BuildSOM currently offers a free account with no credit card requirement, which makes it a practical starting point for testing real domains and prompts across target languages and regions. By contrast, Profound requires a credit card to begin, and Semrush offers no free trial for its AI visibility features. That gap in accessibility matters when budgets are under scrutiny.
What to Audit Before Deciding
- Verify whether non-English prompts run in native language environments, not translated interfaces.
- Check AI model coverage against your specific requirements, particularly for Google AIO, DeepSeek, and ChatGPT.

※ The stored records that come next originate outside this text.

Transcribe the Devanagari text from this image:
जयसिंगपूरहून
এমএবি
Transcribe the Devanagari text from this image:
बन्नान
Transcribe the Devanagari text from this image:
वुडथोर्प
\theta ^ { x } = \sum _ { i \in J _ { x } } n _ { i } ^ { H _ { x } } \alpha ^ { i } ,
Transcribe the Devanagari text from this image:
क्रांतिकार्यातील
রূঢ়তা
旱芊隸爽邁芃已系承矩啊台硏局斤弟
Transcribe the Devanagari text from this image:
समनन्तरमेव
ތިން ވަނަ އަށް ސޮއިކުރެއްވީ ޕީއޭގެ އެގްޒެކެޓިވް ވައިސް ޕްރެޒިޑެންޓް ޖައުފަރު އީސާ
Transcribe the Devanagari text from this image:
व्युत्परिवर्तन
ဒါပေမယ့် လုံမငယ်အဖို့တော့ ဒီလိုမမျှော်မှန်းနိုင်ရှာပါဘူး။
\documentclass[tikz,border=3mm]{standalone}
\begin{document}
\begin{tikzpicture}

- Run a minimum of 15 prompts per language per region to establish a meaningful visibility baseline and identify citation opportunities.
Longer-Term Strategic Considerations
Beyond tool selection, the underlying content strategy needs to shift. As covered in the context of the broader AEO and AI search transition, prioritizing structured and authoritative data tends to perform better for AI citation than traditional keyword-focused tactics. This is the core of GEO-focused content work.

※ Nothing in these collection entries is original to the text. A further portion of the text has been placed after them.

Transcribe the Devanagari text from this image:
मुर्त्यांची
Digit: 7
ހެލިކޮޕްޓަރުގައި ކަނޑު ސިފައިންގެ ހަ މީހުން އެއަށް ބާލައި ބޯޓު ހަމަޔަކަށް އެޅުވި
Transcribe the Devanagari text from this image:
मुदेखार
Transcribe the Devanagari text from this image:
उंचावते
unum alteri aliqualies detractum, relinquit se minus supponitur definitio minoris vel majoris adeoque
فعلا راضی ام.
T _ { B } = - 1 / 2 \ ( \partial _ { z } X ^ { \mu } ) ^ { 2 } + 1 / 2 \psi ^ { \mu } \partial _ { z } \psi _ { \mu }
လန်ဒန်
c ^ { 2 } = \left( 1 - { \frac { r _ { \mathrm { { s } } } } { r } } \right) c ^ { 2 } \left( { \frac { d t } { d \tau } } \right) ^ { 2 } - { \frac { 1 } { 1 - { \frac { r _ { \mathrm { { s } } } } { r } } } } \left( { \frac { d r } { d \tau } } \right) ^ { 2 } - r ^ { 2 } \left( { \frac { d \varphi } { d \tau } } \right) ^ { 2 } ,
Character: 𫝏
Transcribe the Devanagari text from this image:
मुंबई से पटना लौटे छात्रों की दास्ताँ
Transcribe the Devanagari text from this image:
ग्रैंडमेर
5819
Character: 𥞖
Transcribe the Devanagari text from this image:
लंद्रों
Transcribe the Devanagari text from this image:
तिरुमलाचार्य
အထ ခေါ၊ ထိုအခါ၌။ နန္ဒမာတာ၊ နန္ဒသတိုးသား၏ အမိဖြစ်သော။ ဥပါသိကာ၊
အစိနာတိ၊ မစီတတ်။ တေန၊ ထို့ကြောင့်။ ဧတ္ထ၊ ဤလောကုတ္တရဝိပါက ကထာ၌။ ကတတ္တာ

Avoid over-reliance on any single platform. Evaluate scalability, compatibility with existing SEO workflows, and long-term data retention policies before switching tools. These factors carry real operational weight once a platform is embedded in regular reporting cycles.
Signals To Watch
For SEO professionals and site owners tracking the GEO landscape, a handful of concrete indicators will reveal how quickly the market is maturing. The most direct signal is enterprise adoption rate among UK businesses. As more organisations shift budget and strategy toward generative engine optimisation, competitive pressure on holdouts will intensify, making adoption pace a reliable proxy for overall market confidence.
Pricing behaviour in legacy SEO platforms is worth watching closely. If established tools begin raising subscription costs without meaningfully improving multilingual accuracy or AI model coverage, agency churn becomes a realistic outcome. That churn, in turn, opens space for new entrants to challenge incumbents on both price and capability.
Coverage and Accuracy in Non-English Markets
A specific technical concern is whether AI visibility tools can sustain reliable data beyond 60-day windows, particularly in non-English regions. Tools that simulate native language environments accurately will hold a structural advantage. Those that continue producing misleading multilingual outputs risk losing credibility with international clients. Understanding on-page SEO fundamentals remains relevant here, since content signals that perform well in traditional search often interact differently with generative engines across language contexts.
Finally, monitor which AI engines are gaining market share beyond the current dominant models. As new engines attract users, tools that cover only a narrow set of models will face growing gaps in their reporting, creating both a risk for clients and an opportunity for platforms willing to expand their coverage quickly.